• INSTRUCTIONS FOR THE TASK
Give the entries back exactly as they stand, but without pictures.
- Opening Delimiter -
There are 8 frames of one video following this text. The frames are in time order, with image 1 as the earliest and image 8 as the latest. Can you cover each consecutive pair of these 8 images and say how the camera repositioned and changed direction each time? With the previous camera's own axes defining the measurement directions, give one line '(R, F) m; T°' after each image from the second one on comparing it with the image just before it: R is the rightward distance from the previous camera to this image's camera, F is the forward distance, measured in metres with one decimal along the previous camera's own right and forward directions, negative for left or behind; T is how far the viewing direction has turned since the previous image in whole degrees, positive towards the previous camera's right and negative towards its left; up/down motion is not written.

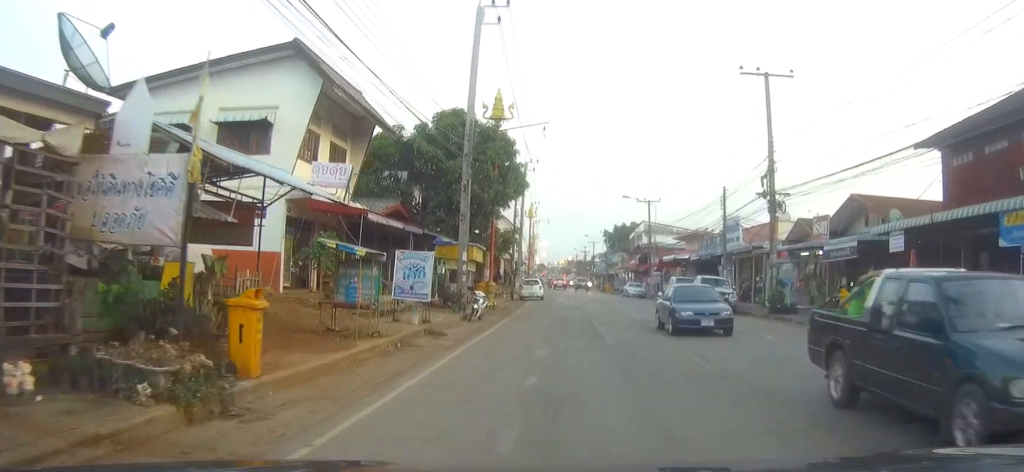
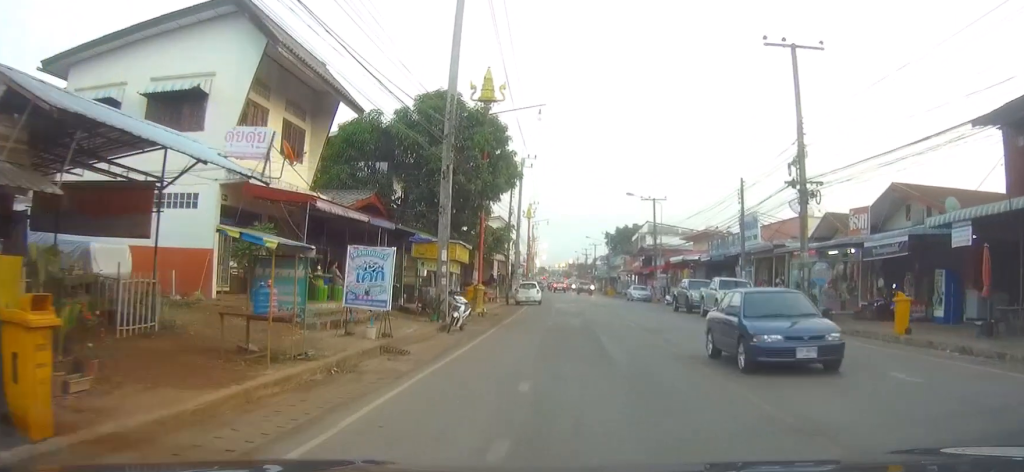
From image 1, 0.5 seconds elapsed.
(-0.1, +4.4) m; 0°
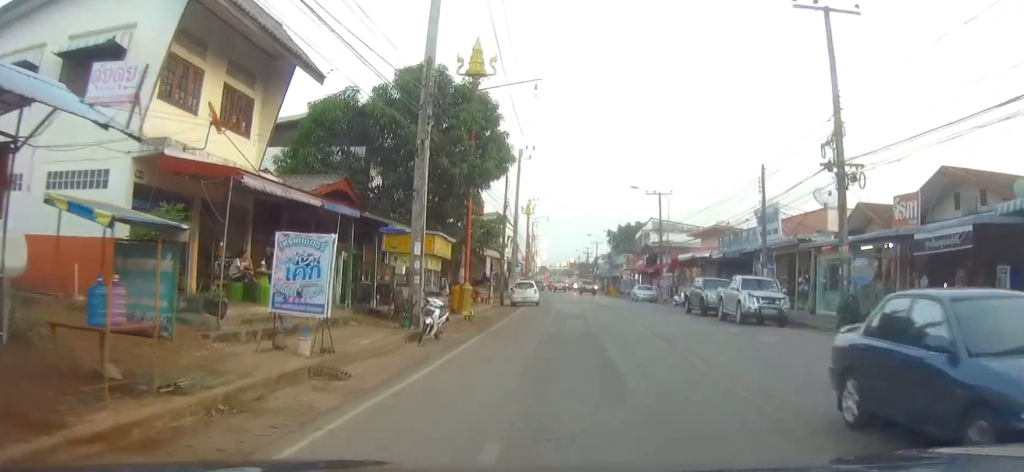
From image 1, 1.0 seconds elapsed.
(+0.1, +4.2) m; +1°
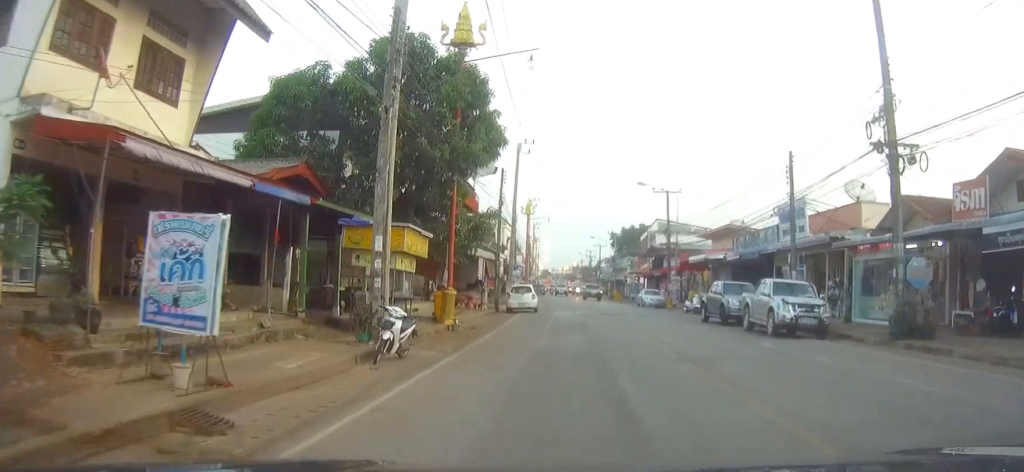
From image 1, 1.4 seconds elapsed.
(0.0, +4.2) m; +1°
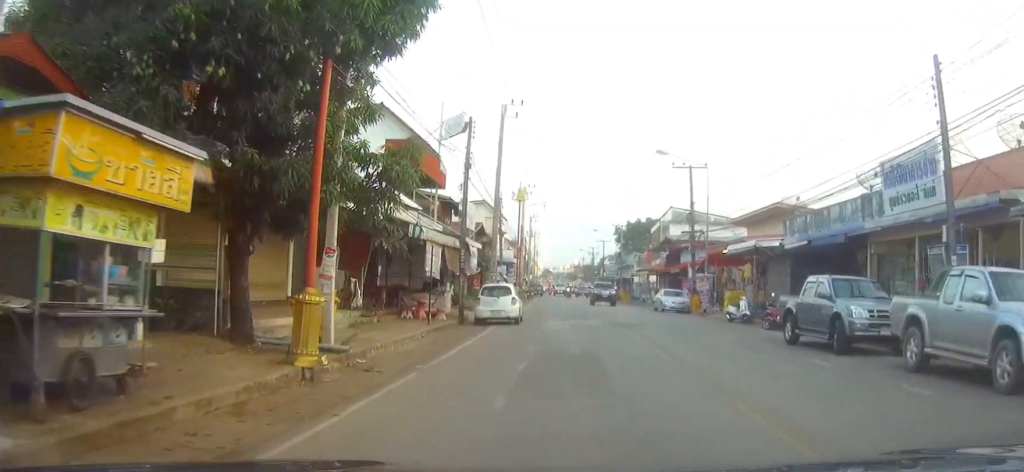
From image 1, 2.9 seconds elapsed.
(+0.2, +13.3) m; 0°
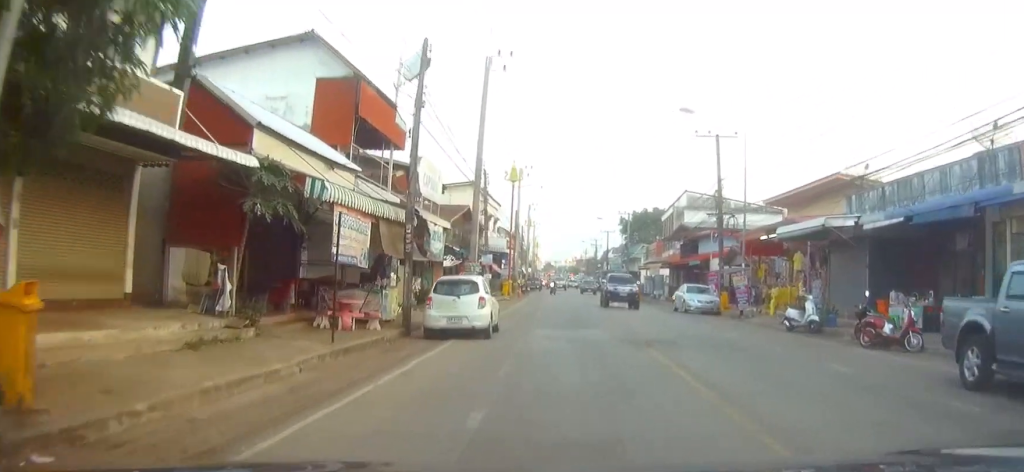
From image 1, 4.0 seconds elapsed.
(-0.2, +9.7) m; -3°
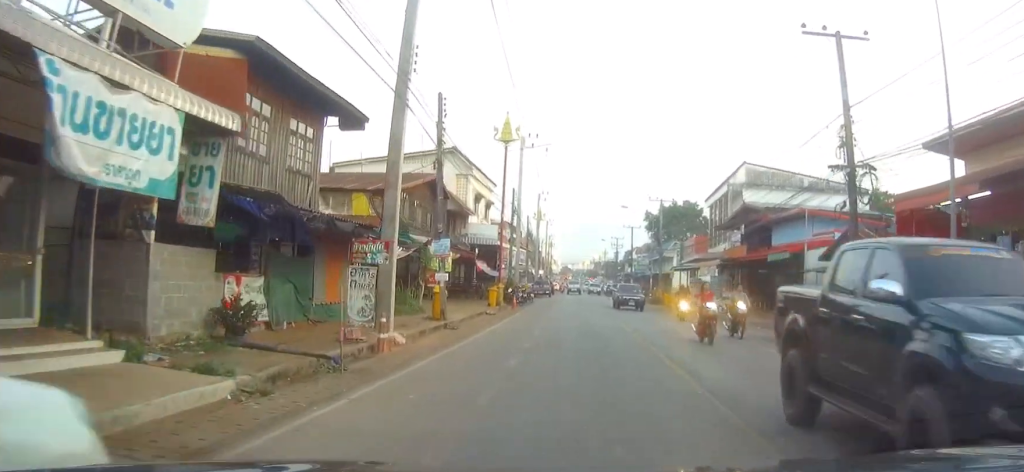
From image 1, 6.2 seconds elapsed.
(-0.6, +18.8) m; -3°
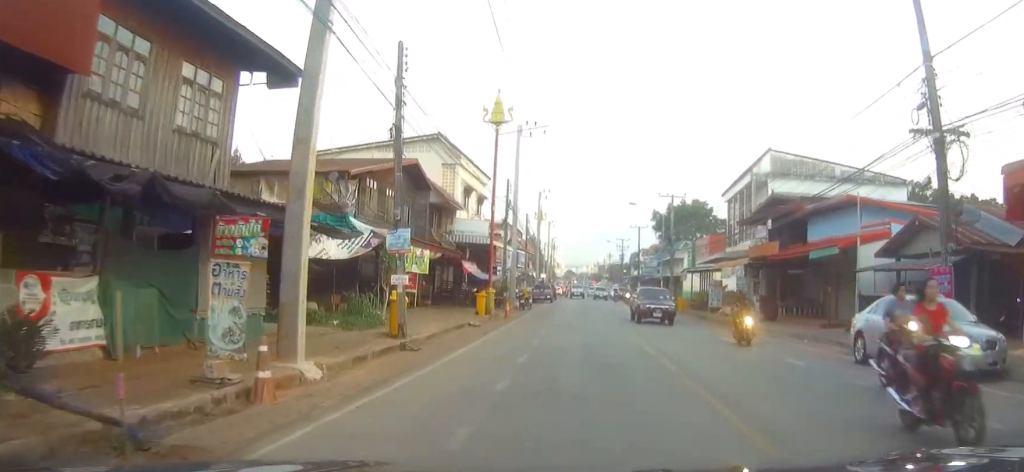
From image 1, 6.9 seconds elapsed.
(-0.1, +6.3) m; -1°
- Closing Delimiter -
• ANSWER TO THIS EXERCISE
There are 8 frames of one video following this text. The frames are in time order, with image 1 as the earliest and image 8 as the latest. Can you cover each consecutive pair of these 8 images and say how the camera repositioned and changed direction each time? With the previous camera's own axes defining the measurement directions, give one line '(R, F) m; T°' after each image from the second one on comparing it with the image just before it: R is the rightward distance from the previous camera to this image's camera, F is the forward distance, measured in metres with one decimal along the previous camera's own right and forward directions, negative for left or behind; T is how far the viewing direction has turned since the previous image in whole degrees, positive towards the previous camera's right and negative towards its left; up/down motion is not written.

From image 1, 0.5 seconds elapsed.
(-0.1, +4.4) m; 0°
From image 1, 1.0 seconds elapsed.
(+0.1, +4.2) m; +1°
From image 1, 1.4 seconds elapsed.
(0.0, +4.2) m; +1°
From image 1, 2.9 seconds elapsed.
(+0.2, +13.3) m; 0°
From image 1, 4.0 seconds elapsed.
(-0.2, +9.7) m; -3°
From image 1, 6.2 seconds elapsed.
(-0.6, +18.8) m; -3°
From image 1, 6.9 seconds elapsed.
(-0.1, +6.3) m; -1°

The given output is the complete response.